Schematic representation of microbubbles precursors (A) and functionalized microbubbles (B). (A) Superheated, liquid perfluorocarbon nanodroplets are stabilized by a surfactant layer and can be vaporized with ultrasound or laser pulses (a); fluorescently labeled nanoparticles can generate microbubbles when exposed to laser light (b); and polymeric nanoparticles encapsulating a small gas core can be used as sustainable microbubble precursors (c). (B) Microbubbles can be functionalized by attaching targeting ligands (a); loading them with drug-containing nanoparticles (b) or make them suitable for multimodal imaging by covering them with plasmonic nanoparticles (c).

FIG. 3.

(A) High-speed fluorescence imaging of the uptake of propidium iodide (PI) used as model drug by a cell as a result of membrane poration by an oscillating microbubble. (B) Ultra high-speed recording (interframe time of 58 ns) of the interaction of a vaporizing superheated microdroplet with a cell upon ultrasound exposure at 5 MHz. (C) Combined high-speed fluorescence imaging and bright-field ultra high-speed imaging to visualize the sonoporation of cells by short-lived cavitation bubbles.
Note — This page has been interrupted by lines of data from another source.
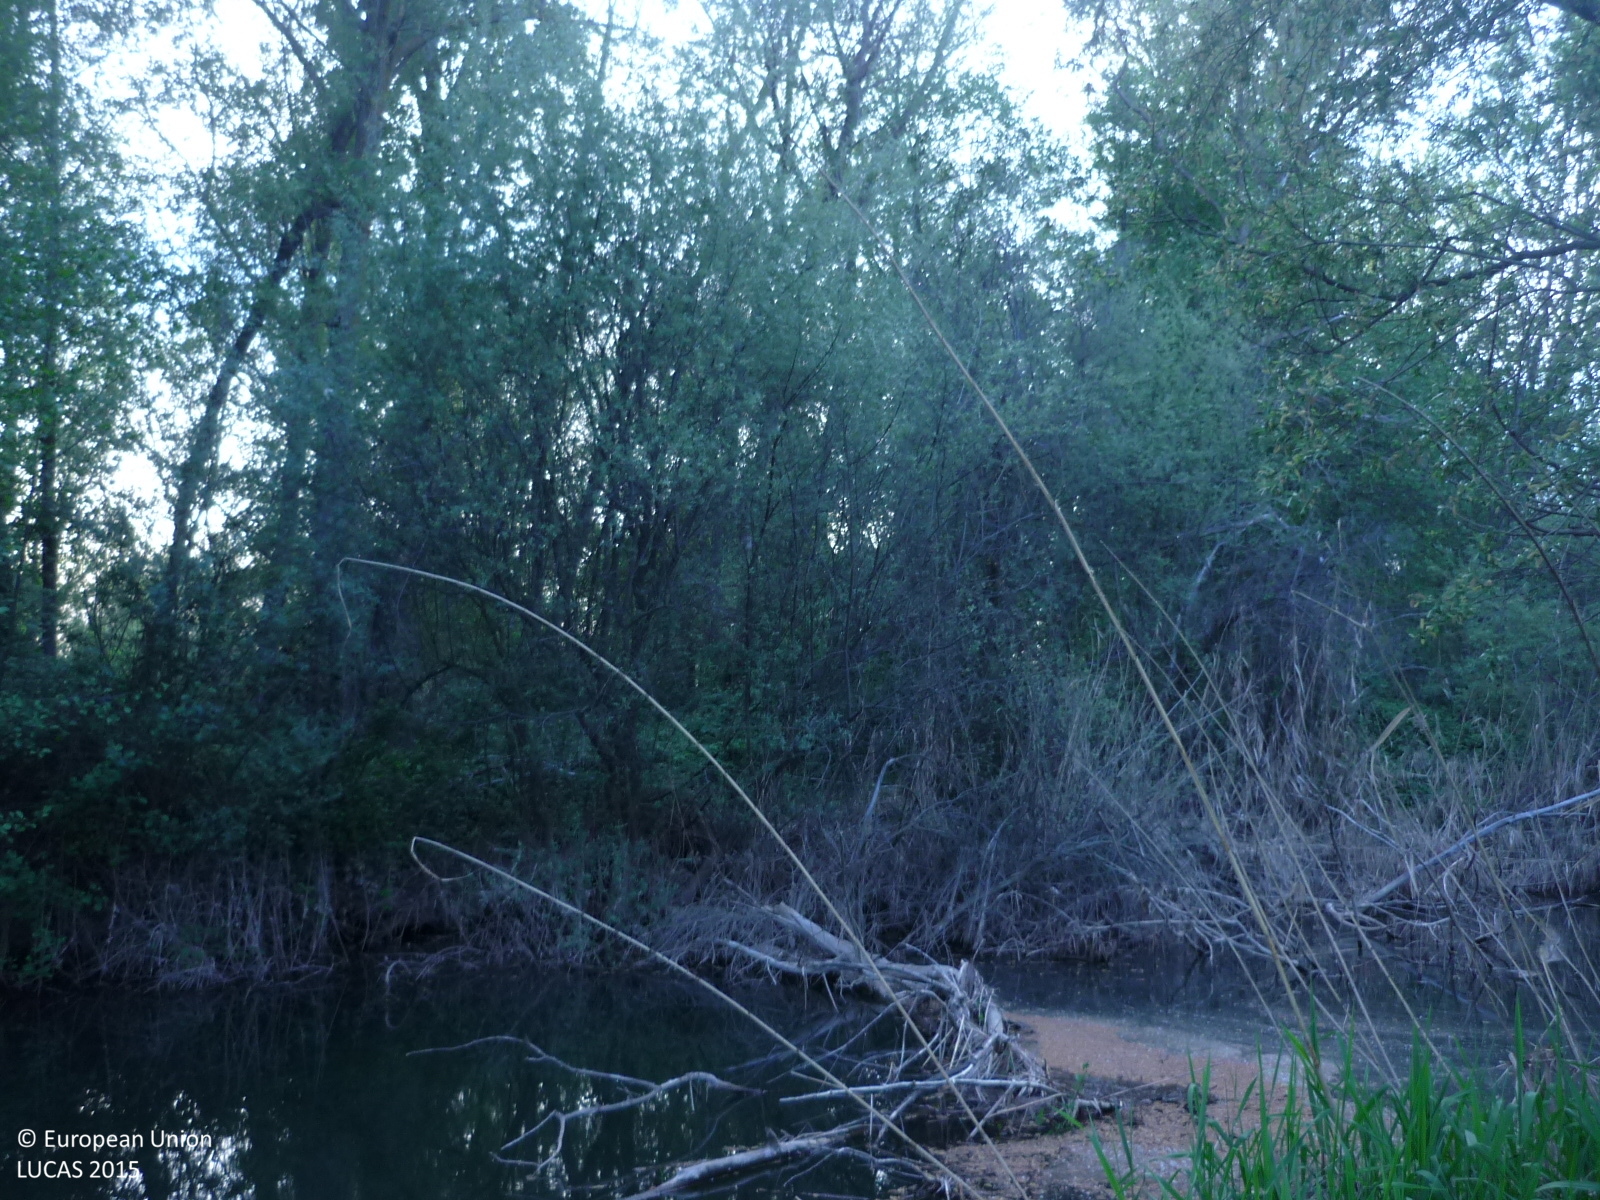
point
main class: Woodland
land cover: Broadleaved woodland
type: floodplain forest
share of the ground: > 75 %
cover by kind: broadleaved forest trees 90 %, herbaceous plants 10 %
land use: Semi-natural and natural areas not in use
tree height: > 5 m
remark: Temporary flooded
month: April
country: ES
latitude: 40.6970
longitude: -3.5421

The bubbles are created by laser activation of polymeric microcapsules.

FIG. 4.

(A) Confocal images of membrane perforation and resealing in microbubble-induced sonoporation (Reprinted with permission from Hu et al., Ultrasound Med. Biol. 39, 2393 (2013). Copyright 2013 Elsevier). Upon the application of an ultrasound pulse, a disruption of 5.3 m is created in the cell, exactly at the site where the microbubble was. The cell membrane is stained with an orange dye (CellMask Orange). After ultrasound exposure, the pore progressively reseals within a few minutes. (B) SEM images of cell membrane damage after ultrasound radiation (Reprinted with permission from Kudo et al., Biophys. J. 96, 4866 (2009). Copyright 2009 Elsevier). The high magnification views show perforations in the cell membrane surrounded by a rough surface.

FIG. 5.

Summary of the diverse techniques used for the study of bubble-cell interaction in relation with the accessible time scales and length scales. The left panel presents techniques that can be used simultaneously with the ultrasound exposure, while the right panel shows the techniques that cannot be applied during ultrasound exposure and thus require a 2-step experiment.